What is needed is every line of the data that includes the word "VECTOR". Please copy each one.

Dataset excerpts
BEGIN
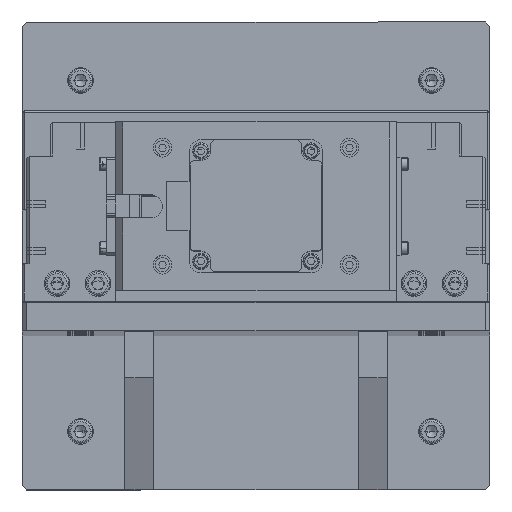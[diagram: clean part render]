
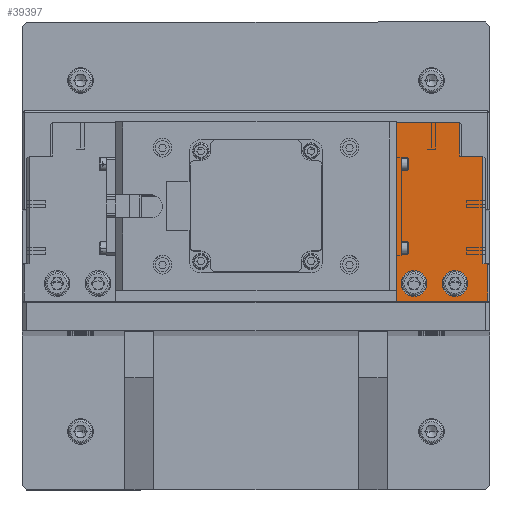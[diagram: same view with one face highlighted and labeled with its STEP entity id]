
A CAD part, top view. The second image highlights one B-rep face of the part: STEP entity #39397.
In plain terms, the highlighted planar face has unit normal (0, 0, 1).
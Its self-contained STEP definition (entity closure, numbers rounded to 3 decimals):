
#21 = DIRECTION ( 'NONE',  ( 0., 1., 0. ) ) ;
#455 = CARTESIAN_POINT ( 'NONE',  ( 60., 77., 628. ) ) ;
#1543 = EDGE_CURVE ( 'NONE', #9374, #9992, #64697, .T. ) ;
#3285 = CARTESIAN_POINT ( 'NONE',  ( 0., 0.5, 628. ) ) ;
#4466 = VECTOR ( 'NONE', #62051, 1000. ) ;
#4948 = ORIENTED_EDGE ( 'NONE', *, *, #63317, .F. ) ;
#4981 = CARTESIAN_POINT ( 'NONE',  ( 88., 77., 628. ) ) ;
#5151 = VERTEX_POINT ( 'NONE', #11906 ) ;
#5348 = CARTESIAN_POINT ( 'NONE',  ( 85., 8., 628. ) ) ;
#6107 = VERTEX_POINT ( 'NONE', #10584 ) ;
#6566 = LINE ( 'NONE', #23696, #35455 ) ;
#6591 = DIRECTION ( 'NONE',  ( 1., 0., 0. ) ) ;
#6597 = AXIS2_PLACEMENT_3D ( 'NONE', #33481, #7487, #7272 ) ;
#7272 = DIRECTION ( 'NONE',  ( 1., 0., 0. ) ) ;
#7487 = DIRECTION ( 'NONE',  ( 0., 0., 1. ) ) ;
#7540 = LINE ( 'NONE', #47205, #10753 ) ;
#7833 = CARTESIAN_POINT ( 'NONE',  ( 97., 16.5, 628. ) ) ;
#8605 = CIRCLE ( 'NONE', #6597, 5.5 ) ;
#8680 = PLANE ( 'NONE',  #27551 ) ;
#8784 = ORIENTED_EDGE ( 'NONE', *, *, #20359, .F. ) ;
#8926 = CARTESIAN_POINT ( 'NONE',  ( 54., 56., 628. ) ) ;
#9374 = VERTEX_POINT ( 'NONE', #7833 ) ;
#9406 = VERTEX_POINT ( 'NONE', #28941 ) ;
#9750 = VERTEX_POINT ( 'NONE', #21704 ) ;
#9862 = ORIENTED_EDGE ( 'NONE', *, *, #25140, .T. ) ;
#9890 = DIRECTION ( 'NONE',  ( 0., 1., 0. ) ) ;
#9992 = VERTEX_POINT ( 'NONE', #25015 ) ;
#10139 = VECTOR ( 'NONE', #49577, 1000. ) ;
#10513 = DIRECTION ( 'NONE',  ( 0., 0., 1. ) ) ;
#10584 = CARTESIAN_POINT ( 'NONE',  ( 62., 8., 628. ) ) ;
#10753 = VECTOR ( 'NONE', #13095, 1000. ) ;
#11030 = CIRCLE ( 'NONE', #22308, 5.5 ) ;
#11906 = CARTESIAN_POINT ( 'NONE',  ( 87., 62.5, 628. ) ) ;
#12528 = DIRECTION ( 'NONE',  ( 0., 0., 1. ) ) ;
#12544 = ORIENTED_EDGE ( 'NONE', *, *, #42412, .F. ) ;
#12691 = CARTESIAN_POINT ( 'NONE',  ( 54., 26., 628. ) ) ;
#13095 = DIRECTION ( 'NONE',  ( -1., 0., 0. ) ) ;
#13716 = CARTESIAN_POINT ( 'NONE',  ( 98., 16.5, 628. ) ) ;
#14740 = ORIENTED_EDGE ( 'NONE', *, *, #63754, .T. ) ;
#15445 = CARTESIAN_POINT ( 'NONE',  ( 60., 26., 628. ) ) ;
#15553 = VECTOR ( 'NONE', #47975, 1000. ) ;
#15889 = VERTEX_POINT ( 'NONE', #21066 ) ;
#15927 = LINE ( 'NONE', #455, #43199 ) ;
#16480 = CARTESIAN_POINT ( 'NONE',  ( 67.5, 8., 628. ) ) ;
#17453 = EDGE_CURVE ( 'NONE', #46764, #40073, #64801, .T. ) ;
#18402 = ORIENTED_EDGE ( 'NONE', *, *, #1543, .F. ) ;
#19734 = VERTEX_POINT ( 'NONE', #15445 ) ;
#20359 = EDGE_CURVE ( 'NONE', #15889, #6107, #24115, .T. ) ;
#20593 = LINE ( 'NONE', #31503, #4466 ) ;
#21066 = CARTESIAN_POINT ( 'NONE',  ( 73., 8., 628. ) ) ;
#21532 = VECTOR ( 'NONE', #9890, 1000. ) ;
#21544 = VERTEX_POINT ( 'NONE', #12691 ) ;
#21646 = DIRECTION ( 'NONE',  ( 0., 0., 1. ) ) ;
#21704 = CARTESIAN_POINT ( 'NONE',  ( 60., 0.5, 628. ) ) ;
#21771 = CARTESIAN_POINT ( 'NONE',  ( 60., 77., 628. ) ) ;
#22162 = CARTESIAN_POINT ( 'NONE',  ( -60., 26., 628. ) ) ;
#22308 = AXIS2_PLACEMENT_3D ( 'NONE', #22640, #12528, #48419 ) ;
#22640 = CARTESIAN_POINT ( 'NONE',  ( 67.5, 8., 628. ) ) ;
#23696 = CARTESIAN_POINT ( 'NONE',  ( 97., 0.5, 628. ) ) ;
#23936 = ORIENTED_EDGE ( 'NONE', *, *, #26124, .F. ) ;
#24115 = CIRCLE ( 'NONE', #64431, 5.5 ) ;
#24738 = DIRECTION ( 'NONE',  ( 1., 0., 0. ) ) ;
#25015 = CARTESIAN_POINT ( 'NONE',  ( 99., 16.5, 628. ) ) ;
#25140 = EDGE_CURVE ( 'NONE', #9406, #9992, #50421, .T. ) ;
#25164 = EDGE_CURVE ( 'NONE', #46764, #26374, #15927, .T. ) ;
#25436 = EDGE_CURVE ( 'NONE', #6107, #15889, #11030, .T. ) ;
#26124 = EDGE_CURVE ( 'NONE', #5151, #41939, #47073, .T. ) ;
#26135 = EDGE_LOOP ( 'NONE', ( #8784, #45621 ) ) ;
#26214 = EDGE_LOOP ( 'NONE', ( #54262, #52065 ) ) ;
#26374 = VERTEX_POINT ( 'NONE', #34024 ) ;
#27551 = AXIS2_PLACEMENT_3D ( 'NONE', #3285, #44353, #38473 ) ;
#27900 = ORIENTED_EDGE ( 'NONE', *, *, #55487, .T. ) ;
#28717 = VECTOR ( 'NONE', #36157, 1000. ) ;
#28941 = CARTESIAN_POINT ( 'NONE',  ( 99., 0.5, 628. ) ) ;
#29224 = LINE ( 'NONE', #21771, #15553 ) ;
#30053 = ORIENTED_EDGE ( 'NONE', *, *, #17453, .T. ) ;
#30110 = CARTESIAN_POINT ( 'NONE',  ( 97., 62.5, 628. ) ) ;
#30499 = DIRECTION ( 'NONE',  ( 1., 0., 0. ) ) ;
#31463 = CARTESIAN_POINT ( 'NONE',  ( 87., 0.5, 628. ) ) ;
#31503 = CARTESIAN_POINT ( 'NONE',  ( 54., 0.5, 628. ) ) ;
#31757 = ORIENTED_EDGE ( 'NONE', *, *, #54383, .F. ) ;
#32018 = CARTESIAN_POINT ( 'NONE',  ( -60., 56., 628. ) ) ;
#32445 = DIRECTION ( 'NONE',  ( 0., 1., 0. ) ) ;
#32847 = VERTEX_POINT ( 'NONE', #65388 ) ;
#33481 = CARTESIAN_POINT ( 'NONE',  ( 85., 8., 628. ) ) ;
#33707 = FACE_BOUND ( 'NONE', #26214, .T. ) ;
#34024 = CARTESIAN_POINT ( 'NONE',  ( 60., 77., 628. ) ) ;
#35455 = VECTOR ( 'NONE', #32445, 1000. ) ;
#36157 = DIRECTION ( 'NONE',  ( 0., 1., 0. ) ) ;
#36181 = VECTOR ( 'NONE', #24738, 1000. ) ;
#36466 = VERTEX_POINT ( 'NONE', #44126 ) ;
#38473 = DIRECTION ( 'NONE',  ( -1., 0., 0. ) ) ;
#38926 = LINE ( 'NONE', #22162, #39720 ) ;
#39397 = ADVANCED_FACE ( 'NONE', ( #33707, #45753, #44147 ), #8680, .F. ) ;
#39407 = DIRECTION ( 'NONE',  ( 1., 0., 0. ) ) ;
#39720 = VECTOR ( 'NONE', #39407, 1000. ) ;
#40073 = VERTEX_POINT ( 'NONE', #8926 ) ;
#41939 = VERTEX_POINT ( 'NONE', #30110 ) ;
#42138 = EDGE_CURVE ( 'NONE', #51408, #36466, #8605, .T. ) ;
#42412 = EDGE_CURVE ( 'NONE', #26374, #32847, #51916, .T. ) ;
#42537 = DIRECTION ( 'NONE',  ( -1., 0., 0. ) ) ;
#43199 = VECTOR ( 'NONE', #21, 1000. ) ;
#44126 = CARTESIAN_POINT ( 'NONE',  ( 79.5, 8., 628. ) ) ;
#44147 = FACE_OUTER_BOUND ( 'NONE', #47744, .T. ) ;
#44353 = DIRECTION ( 'NONE',  ( 0., 0., -1. ) ) ;
#44808 = EDGE_CURVE ( 'NONE', #5151, #32847, #51161, .T. ) ;
#45621 = ORIENTED_EDGE ( 'NONE', *, *, #25436, .F. ) ;
#45753 = FACE_BOUND ( 'NONE', #26135, .T. ) ;
#46353 = VECTOR ( 'NONE', #42537, 1000. ) ;
#46764 = VERTEX_POINT ( 'NONE', #60674 ) ;
#47073 = LINE ( 'NONE', #62736, #55868 ) ;
#47098 = DIRECTION ( 'NONE',  ( 1., 0., 0. ) ) ;
#47205 = CARTESIAN_POINT ( 'NONE',  ( 100., 0.5, 628. ) ) ;
#47744 = EDGE_LOOP ( 'NONE', ( #4948, #14740, #63781, #31757, #9862, #18402, #27900, #23936, #59397, #12544, #57964, #30053 ) ) ;
#47975 = DIRECTION ( 'NONE',  ( 0., 1., 0. ) ) ;
#48419 = DIRECTION ( 'NONE',  ( 1., 0., 0. ) ) ;
#49577 = DIRECTION ( 'NONE',  ( 1., 0., 0. ) ) ;
#50421 = LINE ( 'NONE', #56306, #21532 ) ;
#51161 = LINE ( 'NONE', #31463, #28717 ) ;
#51408 = VERTEX_POINT ( 'NONE', #56776 ) ;
#51916 = LINE ( 'NONE', #4981, #36181 ) ;
#52065 = ORIENTED_EDGE ( 'NONE', *, *, #61425, .F. ) ;
#53441 = AXIS2_PLACEMENT_3D ( 'NONE', #5348, #10513, #30499 ) ;
#53710 = CIRCLE ( 'NONE', #53441, 5.5 ) ;
#54262 = ORIENTED_EDGE ( 'NONE', *, *, #42138, .F. ) ;
#54383 = EDGE_CURVE ( 'NONE', #9406, #9750, #7540, .T. ) ;
#55487 = EDGE_CURVE ( 'NONE', #9374, #41939, #6566, .T. ) ;
#55868 = VECTOR ( 'NONE', #47098, 1000. ) ;
#56306 = CARTESIAN_POINT ( 'NONE',  ( 99., 0.5, 628. ) ) ;
#56776 = CARTESIAN_POINT ( 'NONE',  ( 90.5, 8., 628. ) ) ;
#57921 = EDGE_CURVE ( 'NONE', #9750, #19734, #29224, .T. ) ;
#57964 = ORIENTED_EDGE ( 'NONE', *, *, #25164, .F. ) ;
#59397 = ORIENTED_EDGE ( 'NONE', *, *, #44808, .T. ) ;
#60674 = CARTESIAN_POINT ( 'NONE',  ( 60., 56., 628. ) ) ;
#61425 = EDGE_CURVE ( 'NONE', #36466, #51408, #53710, .T. ) ;
#62051 = DIRECTION ( 'NONE',  ( 0., 1., 0. ) ) ;
#62736 = CARTESIAN_POINT ( 'NONE',  ( 88., 62.5, 628. ) ) ;
#63317 = EDGE_CURVE ( 'NONE', #21544, #40073, #20593, .T. ) ;
#63754 = EDGE_CURVE ( 'NONE', #21544, #19734, #38926, .T. ) ;
#63781 = ORIENTED_EDGE ( 'NONE', *, *, #57921, .F. ) ;
#64431 = AXIS2_PLACEMENT_3D ( 'NONE', #16480, #21646, #6591 ) ;
#64697 = LINE ( 'NONE', #13716, #10139 ) ;
#64801 = LINE ( 'NONE', #32018, #46353 ) ;
#65388 = CARTESIAN_POINT ( 'NONE',  ( 87., 77., 628. ) ) ;
END
• [ANSWER AREA]
#4466 = VECTOR ( 'NONE', #62051, 1000. ) ;
#10139 = VECTOR ( 'NONE', #49577, 1000. ) ;
#10753 = VECTOR ( 'NONE', #13095, 1000. ) ;
#15553 = VECTOR ( 'NONE', #47975, 1000. ) ;
#21532 = VECTOR ( 'NONE', #9890, 1000. ) ;
#28717 = VECTOR ( 'NONE', #36157, 1000. ) ;
#35455 = VECTOR ( 'NONE', #32445, 1000. ) ;
#36181 = VECTOR ( 'NONE', #24738, 1000. ) ;
#39720 = VECTOR ( 'NONE', #39407, 1000. ) ;
#43199 = VECTOR ( 'NONE', #21, 1000. ) ;
#46353 = VECTOR ( 'NONE', #42537, 1000. ) ;
#55868 = VECTOR ( 'NONE', #47098, 1000. ) ;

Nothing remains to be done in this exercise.